In de structuurvisie 'Grutsk op 'e Romte' heeft de provincie Fryslân het belang dat zij hecht aan een goede verankeringen van ontwikkelingen in het landschap aangegeven. Op basis van de uitgangspunten uit deze structuurvisie is de voorgenoemde ontwikkeling getoetst. Het is van belang dat de ontwikkeling op een verantwoorde manier wordt ingepast in het landschap.
Waardering landschap
Volgens de kaart bij de structuurvisie ligt het plangebied in het Merengebied. Voor het gebied zijn een aantal kernkwaliteiten bepaald, die de provincie van provinciaal belang acht. In eerste plaats is de grootschalige openheid in de veenweidegebieden met opstrekkende verkaveling van belang.

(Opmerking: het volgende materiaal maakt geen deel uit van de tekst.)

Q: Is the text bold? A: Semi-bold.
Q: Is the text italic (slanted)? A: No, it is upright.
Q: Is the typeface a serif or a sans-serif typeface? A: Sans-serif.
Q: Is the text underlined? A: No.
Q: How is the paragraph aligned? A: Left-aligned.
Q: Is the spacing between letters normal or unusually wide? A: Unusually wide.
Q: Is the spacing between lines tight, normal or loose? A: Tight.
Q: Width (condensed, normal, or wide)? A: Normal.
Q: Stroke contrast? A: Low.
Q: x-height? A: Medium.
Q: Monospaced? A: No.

Ook de relatie van de bebouwingslinten met het water en het omliggende landschap en het stelsel van waterverbindingen en dijk zijn een kernkwaliteiten van het Merengebied. Met name de voorgenoemde kernkwaliteiten zijn in het landschap rondom Akmarijp goed zichtbaar.

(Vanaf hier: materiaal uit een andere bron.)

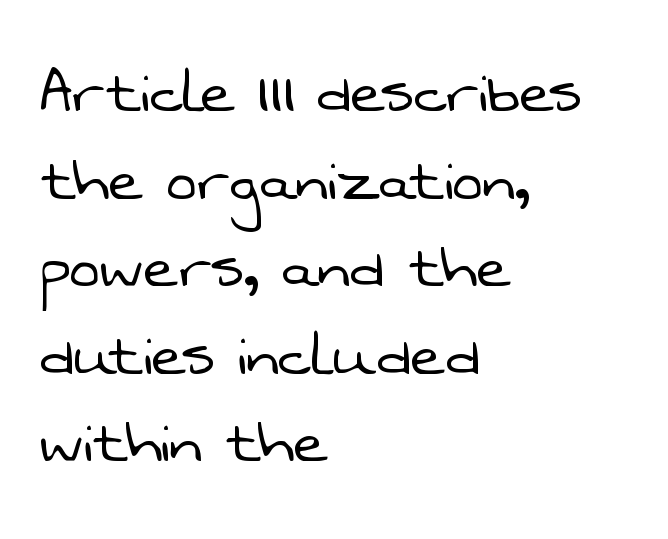
{"serif": "no", "bold": "no", "weight": "light", "width": "normal", "stroke_contrast": "low", "x_height": "medium", "monospaced": "no", "underline": "no", "align": "left", "line_spacing_ratio": 1.2, "letter_spacing": "normal", "letter_spacing_em": 0.0, "glyph_px": 73}
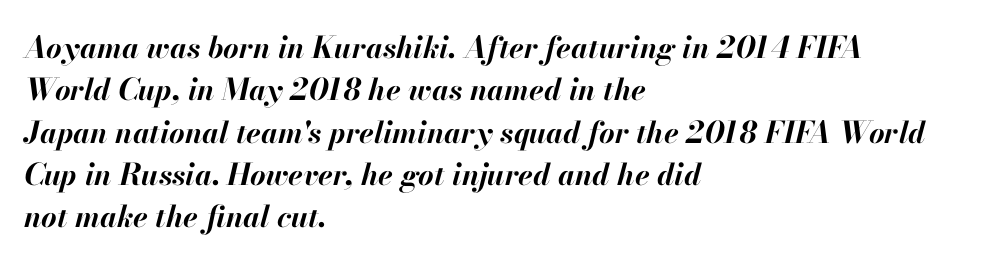
The image shows 30 px bold type, italic (leaning right); set left-aligned, normal line spacing (1.41x), normal letter spacing, not underlined; high stroke contrast and a small x-height.

De openheid van het landschap wordt behouden door groei van bomen en struiken tegen te gaan. Boerenerven daarentegen die zich in de grootschalige openheid bevinden dienen als puntverdichtingen beplant te worden om het erf te markeren. Verder wordt ingezet op het handhaven en verder ontwikkelen van de open zichtlijnen tussen de bebouwingslinten en het open water. Lintdorpen hebben zich haaks op de opstrekkende verkaveling ontwikkeld, waarbij de te behouden ruimte tussen de open percelen voor verankering in het landschap zorgt. De ruimte tussen de open percelen is een voorwaarde voor het voortbestaan van de relatie tussen dorp en omgeving.
Beoordeling bouwplan
Dit bestemmingsplan doet geen afbreuk aan de kernkwaliteiten van het Merengebied en biedt kansen om deze te versterken. De ontwikkeling is volledig perceelgebonden en heeft zo geen effect op de kenmerkende opstrekkende verkaveling in het gebied. De sloop van de oude loopstal biedt de mogelijkheid om een nieuwe zichtlijn vanaf de Fjildwei op het achterliggende gebied te realiseren. De nieuwe woning wordt op wat grotere afstand van de boerderij gebouwd, waardoor meer 'lucht' op het perceel ontstaat. Er wordt geen nieuwe boombeplanting geïntroduceerd. Het perceel is in de huidige situatie al op een gebiedseigen wijze ingepast in het gebied.
Het plangebied wordt via de Fjildwei ontsloten. Er is sprake van een overzichtelijke verkeerssituatie. Op het perceel is voldoende ruimte om te voorzien in minimaal 2 parkeerplaatsen per woning, overeenkomstig het parkeerbeleid van de gemeente.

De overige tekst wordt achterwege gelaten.